Similar to the over-reliance on experimental storytelling found in the show’s later seasons, How I Met Your Mother also fell into a classic sitcom trap as the show’s profile grew. In its early seasons, How I Met Your Mother utilized cameos with care, but by the time the series was popular enough to earn the attention of Britney Spears, the show was happy to take on cameo appearances for their own sake. Despite Neil Patrick Harris’ annoyance, Spears’ cameo opened the floodgates for a slew of big-name guest stars, many of whom contributed little other than the novelty value of a famous face to the sitcom.

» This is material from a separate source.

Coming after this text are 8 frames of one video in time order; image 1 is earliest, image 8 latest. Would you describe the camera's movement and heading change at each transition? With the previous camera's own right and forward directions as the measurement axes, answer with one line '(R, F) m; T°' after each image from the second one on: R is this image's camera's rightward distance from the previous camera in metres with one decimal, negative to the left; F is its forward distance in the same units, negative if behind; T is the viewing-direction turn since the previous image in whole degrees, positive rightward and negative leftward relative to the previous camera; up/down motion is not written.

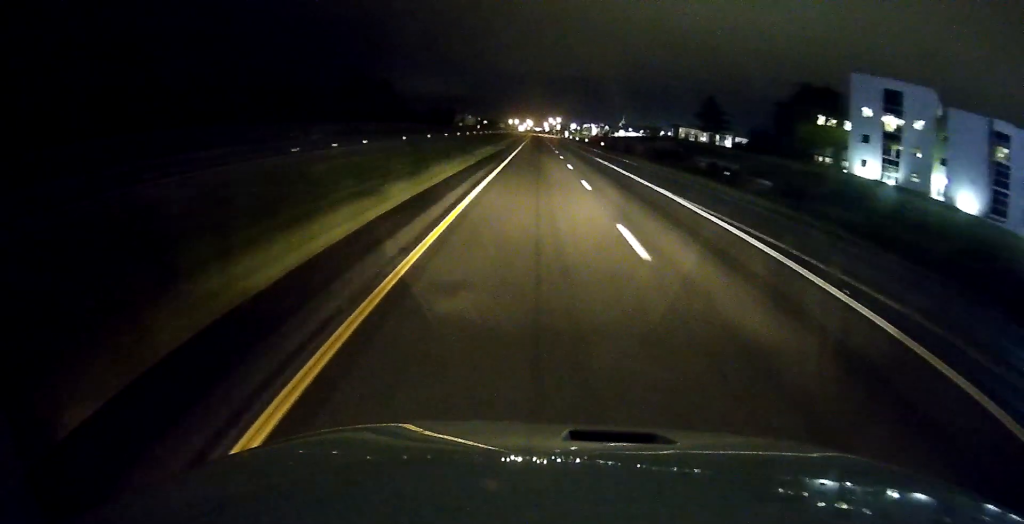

It is almost cliche to note that Ross is not a lot of viewers' favorite cast member from Friends, and yet the neurotic paleontologist was still the character around whom many of the show’s longest-lasting storylines revolved. However, in the case of How I Met Your Mother, this issue is much more instrumental to the critical decline of the show. Ted was not only a disliked protagonist but a disliked narrator, too. The show’s ostensible hero was so widely disliked that at one point a cameo-ing Kyle MacLachlan, who played the Captain, left many viewers rooting for him rather than Ted and his wife (with whom Ted was having an affair). Ted was seen by many viewers as self-centered, indecisive, and callous, something the spinoff series will need to avoid with its central character.

Although many viewers were annoyed by the ending of How I Met Your Mother, for a lot of fans the issue was mostly with the fact that the show seemed to be sticking to an ending that the pilot set up despite the characters changing and growing in the interim. The romantic gesture that Ted makes toward Robin at the close of the pilot is genuinely sweet, but the following nine seasons unequivocally illustrate that the pair is not a good match. As such, many fans felt cheated by an ending that seemed set in stone since the series began, something that How I Met Your Father needs to avoid to keep its central story compelling. How I Met Your Mother’s biggest issue was that the show had its path defined from the first episode, something its upcoming spinoff How I Met Your Father can avoid by simply changing its story as the series progresses and letting the plot grow with the characters, instead of starting from a planned ending and working backward.